Photographers Can Be Detained If Their Photos Have 'No Apparent Esthetic Value' - uptown
http://www.techdirt.com/articles/20110815/23584515540/police-say-they-can-detain-photographers-if-their-photographs-have-no-apparent-esthetic-value.shtml

======
ColinWright
You might be interested in the discussion from 2 days ago:

<http://news.ycombinator.com/item?id=2884072>

------
swatthatfly
I think this piece is fluff. According to the original article, the story
unfolded a bit differently. A suspicious cop with no 'Aesthetic Values' asked
a photographer for his license. This not being Nazi Germany, the photographer
was offended and talked back, then later publicly complained. He was not
detained as in hauled to a police station, but rather not allowed to leave
before the policeman assessed why he was taking photos in a refinery. The cop
did his job and the journalist his. No story here, other than the cop trying
to be a bully and threaten to use terrorism charges if he feels like it. This
is business as usual it seems anyways.

    
    
        1 After running Wolff's driver's license, Kahn left the scene without ordering Wolff to desist.
    
        2 Legally, a police detention has occurred when "a reasonable individual" in that circumstance would be believe he or she is not free to leave 
    

<http://www.lbpost.com/life/greggory/12188>

------
guard-of-terra
In other news: <http://www.artlebedev.com/everything/photo-ok/>

I don't see how limiting right to make shots of public space it is good for a
society.
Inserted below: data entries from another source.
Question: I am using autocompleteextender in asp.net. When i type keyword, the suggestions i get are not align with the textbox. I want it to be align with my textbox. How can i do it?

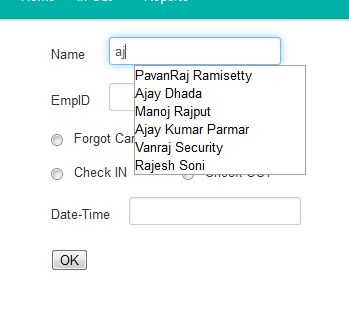
Answer: try fiddling with the css, maybe go into the -'s on left to get it accross, otherwise i recommend <URL>
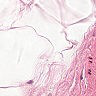
Metastatic tissue present: no
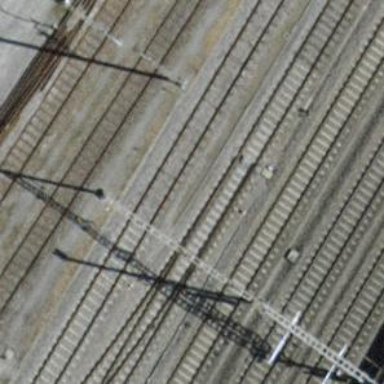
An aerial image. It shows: Railway siding with one electrified track and contact line.

I think it simply isn't and the said right should be codified.

------
tzs
I'm getting really close to automatically flagging anything from TechDirt. I
don't recall ever seeing a worthwhile story on TechDirt that wasn't covered
much more accurately elsewhere.

------
bediger
Most vacation snapshots have no apparent esthetic value. Virtually all
"partying people" have no esthetic value. If this pseudo-law will deter people
from taking poorly composed, red-eyed, overly-flash-filled shots of tipsy
partiers, I'm all for it.

Talk about your unintended consequence!

------
fedorabbit
I thought it's in Europe... California? who came up with this horrible idea?